**Exercise**
Without the images, output every record exactly as it appears.

**Dataset extract**
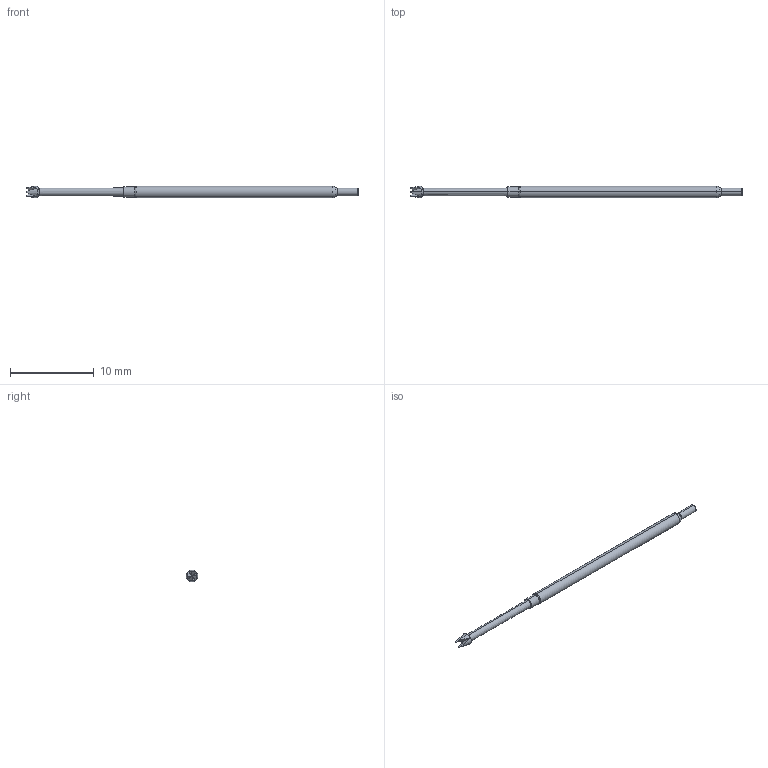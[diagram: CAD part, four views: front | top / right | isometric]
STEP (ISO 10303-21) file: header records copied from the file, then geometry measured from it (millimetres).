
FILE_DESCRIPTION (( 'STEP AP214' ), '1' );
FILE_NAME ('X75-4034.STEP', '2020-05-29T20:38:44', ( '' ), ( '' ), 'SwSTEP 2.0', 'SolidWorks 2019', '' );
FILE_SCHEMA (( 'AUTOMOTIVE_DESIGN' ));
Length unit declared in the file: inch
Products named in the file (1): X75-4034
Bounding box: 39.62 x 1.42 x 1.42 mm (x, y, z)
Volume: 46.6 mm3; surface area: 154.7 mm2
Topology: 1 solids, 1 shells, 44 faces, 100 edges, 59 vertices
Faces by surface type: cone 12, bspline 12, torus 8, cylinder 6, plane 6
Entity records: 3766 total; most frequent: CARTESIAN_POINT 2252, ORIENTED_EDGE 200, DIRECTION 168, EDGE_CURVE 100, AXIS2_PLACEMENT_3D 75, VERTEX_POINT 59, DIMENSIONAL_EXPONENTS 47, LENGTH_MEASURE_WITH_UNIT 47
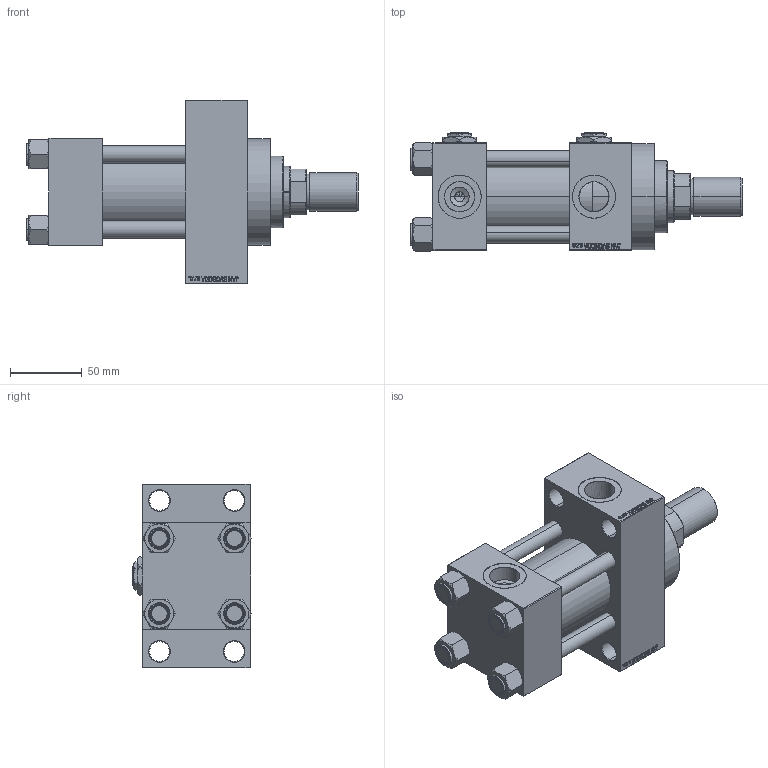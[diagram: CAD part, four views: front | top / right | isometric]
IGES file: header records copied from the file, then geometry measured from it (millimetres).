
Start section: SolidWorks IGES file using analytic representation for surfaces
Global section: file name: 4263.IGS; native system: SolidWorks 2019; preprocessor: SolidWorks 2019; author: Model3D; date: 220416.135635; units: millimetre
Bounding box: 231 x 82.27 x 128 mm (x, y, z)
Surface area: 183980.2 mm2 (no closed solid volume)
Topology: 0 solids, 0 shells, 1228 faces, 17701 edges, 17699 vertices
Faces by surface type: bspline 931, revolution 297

**Answer section**
[diagram: CAD part, four views: front | top / right | isometric]
STEP (ISO 10303-21) file: header records copied from the file, then geometry measured from it (millimetres).
FILE_DESCRIPTION (( 'STEP AP214' ), '1' );
FILE_NAME ('X75-4034.STEP', '2020-05-29T20:38:44', ( '' ), ( '' ), 'SwSTEP 2.0', 'SolidWorks 2019', '' );
FILE_SCHEMA (( 'AUTOMOTIVE_DESIGN' ));
Length unit declared in the file: inch
Products named in the file (1): X75-4034
Bounding box: 39.62 x 1.42 x 1.42 mm (x, y, z)
Volume: 46.6 mm3; surface area: 154.7 mm2
Topology: 1 solids, 1 shells, 44 faces, 100 edges, 59 vertices
Faces by surface type: cone 12, bspline 12, torus 8, cylinder 6, plane 6
Entity records: 3766 total; most frequent: CARTESIAN_POINT 2252, ORIENTED_EDGE 200, DIRECTION 168, EDGE_CURVE 100, AXIS2_PLACEMENT_3D 75, VERTEX_POINT 59, DIMENSIONAL_EXPONENTS 47, LENGTH_MEASURE_WITH_UNIT 47
[diagram: CAD part, four views: front | top / right | isometric]
IGES file: header records copied from the file, then geometry measured from it (millimetres).
Start section: SolidWorks IGES file using analytic representation for surfaces
Global section: file name: 4263.IGS; native system: SolidWorks 2019; preprocessor: SolidWorks 2019; author: Model3D; date: 220416.135635; units: millimetre
Bounding box: 231 x 82.27 x 128 mm (x, y, z)
Surface area: 183980.2 mm2 (no closed solid volume)
Topology: 0 solids, 0 shells, 1228 faces, 17701 edges, 17699 vertices
Faces by surface type: bspline 931, revolution 297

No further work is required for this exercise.